Source : Islamonline

Wednesday, March 17, 2010

A letter to a daughter

As Salamu Alaikum wa rahmatullah

I wish every sister-in-Islam {esp youth} do read this letter.

In the name of Allah. All praise to Allah. Peace and blessings on the Messenger of Allah.

As-salamu `alaykum wa rahmatullahi wa barakatuh.

My dearest daughter,

I choose to send you this letter rather than speak to you because I know you love to receive and reread my e-mails. I am concerned about what I see developing in you and in many of the youth of your generation. This is why I am asking Allah to guide me as I offer you my advice in the following matters.

You should refrain from spending so much of your time on the computer playing silly games and listening to un-Islamic music. They corrupt the heart and soul. They occupy precious space in the mind that should be used for deep thought and contemplation on life and the real issues that affect you as a Muslim.

"Allah says: Son of Adam: Fill your time with My worship and I will fill your heart with richness, and end your poverty. But if you do not, I would make your hands completely busy (in worldly affairs) and I would not end your poverty."(At-Tirmidhi; confirmed to be a strong hadith)

Sheikh Ibn Al-Qayyim once wrote:

Our purpose of existence on earth is more meaningful than being slaves to worldly gains. There can be no meaningful life better than that prescribed by our Creator Allah. Every act done according to Allah's way is an act of worship.

You should also spend time browsing the fatwa databases. The databases contain Islamic rulings and advice from authentic Islamic scholars on issues that come up in the everyday life of Muslims. It is useful because we need to learn the Islamic perspective on these issues according to the Shari`ah. As Muslims, we can seek the advice of scholars on these matters, and this is the only way we can know how to best handle them. In doing so and by acting upon these rulings, we make sincere efforts to guard ourselves from sins and innovations that lead to the Fire.

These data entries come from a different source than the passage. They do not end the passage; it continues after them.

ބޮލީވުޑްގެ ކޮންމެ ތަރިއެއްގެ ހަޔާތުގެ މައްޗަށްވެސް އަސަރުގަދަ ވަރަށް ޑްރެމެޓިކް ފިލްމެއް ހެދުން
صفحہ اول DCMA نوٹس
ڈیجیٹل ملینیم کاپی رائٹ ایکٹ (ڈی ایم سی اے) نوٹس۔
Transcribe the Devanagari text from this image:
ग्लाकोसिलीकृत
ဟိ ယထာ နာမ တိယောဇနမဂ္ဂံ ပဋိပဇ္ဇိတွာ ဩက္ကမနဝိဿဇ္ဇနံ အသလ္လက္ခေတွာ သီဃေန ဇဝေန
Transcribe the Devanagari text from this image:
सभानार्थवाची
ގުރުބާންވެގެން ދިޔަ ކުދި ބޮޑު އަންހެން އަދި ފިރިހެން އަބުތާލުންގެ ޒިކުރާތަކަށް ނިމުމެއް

But always remember that extremism in deen is not the way of Allah's Messenger (peace and blessings be upon him). The believer who takes Prophet Muhammad (peace and blessings be upon him) as an example for living life takes the middle path. As you study and learn new things, you must also beware of arrogance. What you gain in knowledge is not for show. It is not to be used for making a person look or feel less religious or pious than someone else.

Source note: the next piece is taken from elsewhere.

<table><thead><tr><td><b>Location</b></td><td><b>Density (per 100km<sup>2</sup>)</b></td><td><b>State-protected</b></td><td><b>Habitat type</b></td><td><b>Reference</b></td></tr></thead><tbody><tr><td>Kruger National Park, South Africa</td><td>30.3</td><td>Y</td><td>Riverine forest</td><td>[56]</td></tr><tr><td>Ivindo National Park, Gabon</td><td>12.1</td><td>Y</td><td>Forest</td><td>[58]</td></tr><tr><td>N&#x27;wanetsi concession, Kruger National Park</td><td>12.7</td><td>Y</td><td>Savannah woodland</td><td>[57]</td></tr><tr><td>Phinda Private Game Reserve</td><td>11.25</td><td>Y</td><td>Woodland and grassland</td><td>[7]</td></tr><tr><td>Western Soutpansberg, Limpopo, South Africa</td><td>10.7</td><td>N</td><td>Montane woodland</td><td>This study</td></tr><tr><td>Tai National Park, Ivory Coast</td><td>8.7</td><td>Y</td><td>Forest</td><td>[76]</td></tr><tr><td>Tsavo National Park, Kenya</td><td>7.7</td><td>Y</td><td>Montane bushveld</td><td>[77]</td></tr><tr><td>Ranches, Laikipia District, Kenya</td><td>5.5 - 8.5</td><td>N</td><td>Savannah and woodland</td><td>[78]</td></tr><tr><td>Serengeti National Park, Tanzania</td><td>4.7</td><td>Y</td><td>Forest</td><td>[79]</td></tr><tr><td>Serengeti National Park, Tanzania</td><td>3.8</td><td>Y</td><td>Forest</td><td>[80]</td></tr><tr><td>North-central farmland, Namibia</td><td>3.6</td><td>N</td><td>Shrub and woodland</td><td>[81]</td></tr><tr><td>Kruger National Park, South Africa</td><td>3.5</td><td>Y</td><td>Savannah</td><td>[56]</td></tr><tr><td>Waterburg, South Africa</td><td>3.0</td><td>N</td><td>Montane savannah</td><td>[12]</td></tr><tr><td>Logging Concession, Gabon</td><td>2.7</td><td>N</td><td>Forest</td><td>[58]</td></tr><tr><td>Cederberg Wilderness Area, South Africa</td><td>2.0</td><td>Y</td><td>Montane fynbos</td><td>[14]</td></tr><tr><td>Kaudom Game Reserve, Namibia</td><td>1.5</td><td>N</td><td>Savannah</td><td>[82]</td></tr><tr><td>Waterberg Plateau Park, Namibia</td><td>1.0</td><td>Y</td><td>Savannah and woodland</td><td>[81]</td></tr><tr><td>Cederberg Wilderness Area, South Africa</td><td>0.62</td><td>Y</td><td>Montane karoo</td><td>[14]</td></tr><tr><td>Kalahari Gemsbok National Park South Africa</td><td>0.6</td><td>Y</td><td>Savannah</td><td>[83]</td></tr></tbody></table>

Knowledge gained should bring us closer to Allah Most High, for all knowledge has its beginning with Him. Any knowledge that takes you away from the remembrance of Allah Most High is useless knowledge. It is like a ball and chain that you drag along behind you. It's "dead weight" that has no real benefit other than to slow you down and keep you distracted. It's like eating a candy bar. Surely it has some tasty significance, but it weighs you down with calories and has no nutrition. Worse yet, it takes up resources that could be put to better use learning useful knowledge.

I worry about you because you are in the stage of your development where you sometimes neglect doing what you know is right out of fear of how your peers may respond towards you. Never allow the fear of what others may say or think about you sway you from either acquiring knowledge or putting into action what you have previously learned. Fear Allah alone and He will make things right for you in the long run.

[And whoever is careful of (his duty to) Allah, He will make for him an outlet, and give him sustenance from whence he thinks not; and whoever trusts in Allah, He is sufficient for him; surely Allah attains His purpose; Allah indeed has appointed a measure for everything] (At-Talaq 65:2-3)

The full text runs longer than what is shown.